[Opening Extracted information section]

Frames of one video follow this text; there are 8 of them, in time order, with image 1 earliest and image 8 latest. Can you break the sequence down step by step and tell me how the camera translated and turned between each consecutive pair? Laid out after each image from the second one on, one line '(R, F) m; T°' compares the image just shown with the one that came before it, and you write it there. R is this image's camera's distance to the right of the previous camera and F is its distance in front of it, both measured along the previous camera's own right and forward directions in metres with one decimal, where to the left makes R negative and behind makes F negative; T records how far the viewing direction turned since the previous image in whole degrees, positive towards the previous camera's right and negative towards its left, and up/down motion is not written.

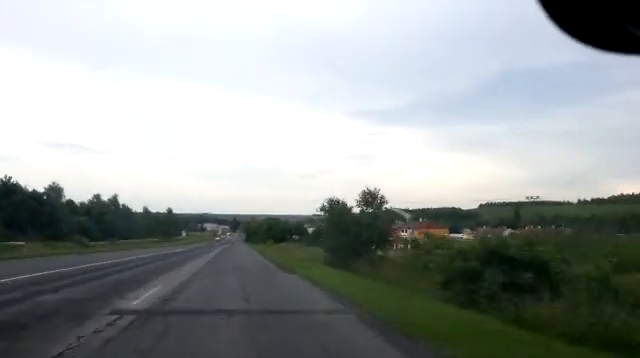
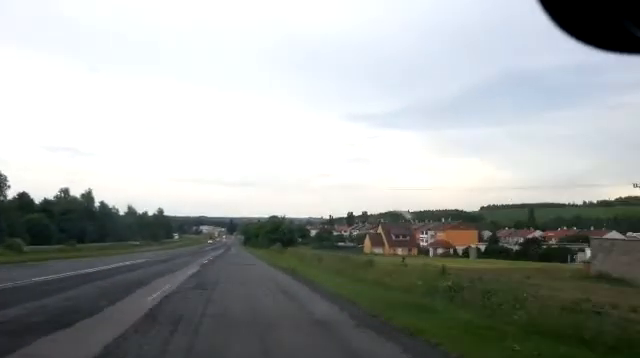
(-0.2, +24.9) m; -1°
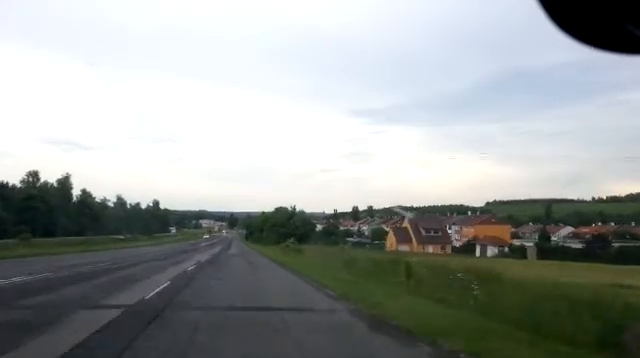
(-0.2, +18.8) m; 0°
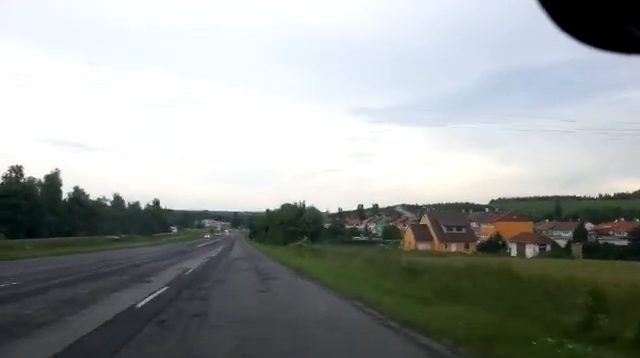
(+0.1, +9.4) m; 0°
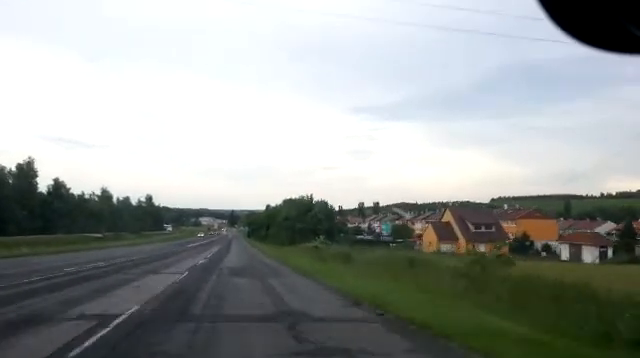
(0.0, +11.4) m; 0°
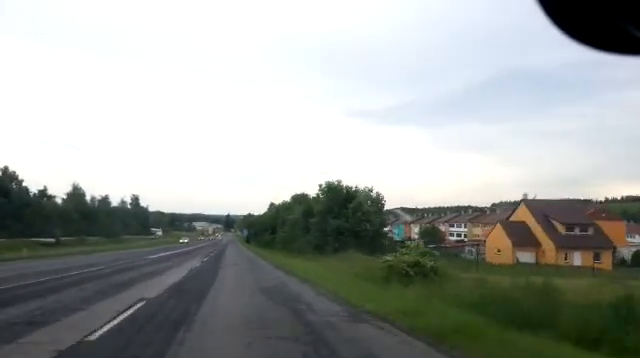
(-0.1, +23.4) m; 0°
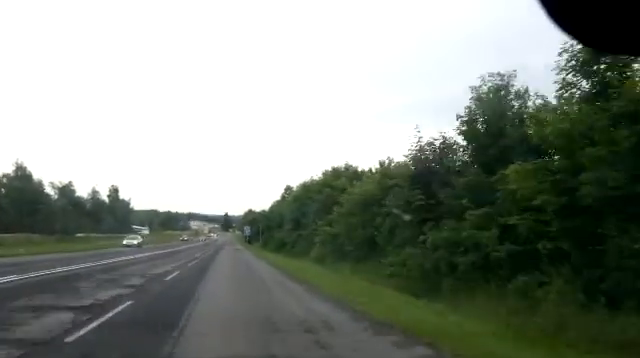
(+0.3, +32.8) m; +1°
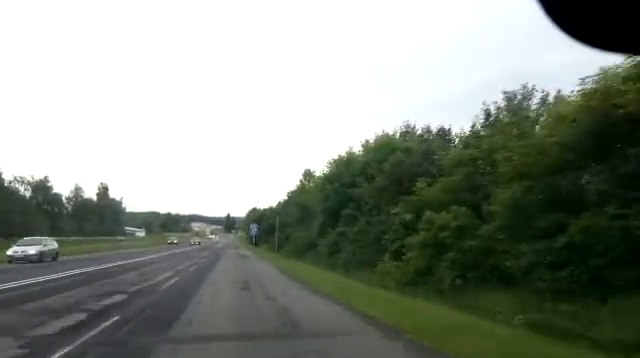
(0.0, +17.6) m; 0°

[Closing Extracted information section]

Prompt
All of the records above should be reproduced exactly, with the pictures left out.

Exercise answer
Frames of one video follow this text; there are 8 of them, in time order, with image 1 earliest and image 8 latest. Can you break the sequence down step by step and tell me how the camera translated and turned between each consecutive pair? Laid out after each image from the second one on, one line '(R, F) m; T°' compares the image just shown with the one that came before it, and you write it there. R is this image's camera's distance to the right of the previous camera and F is its distance in front of it, both measured along the previous camera's own right and forward directions in metres with one decimal, where to the left makes R negative and behind makes F negative; T records how far the viewing direction turned since the previous image in whole degrees, positive towards the previous camera's right and negative towards its left, and up/down motion is not written.

(-0.2, +24.9) m; -1°
(-0.2, +18.8) m; 0°
(+0.1, +9.4) m; 0°
(0.0, +11.4) m; 0°
(-0.1, +23.4) m; 0°
(+0.3, +32.8) m; +1°
(0.0, +17.6) m; 0°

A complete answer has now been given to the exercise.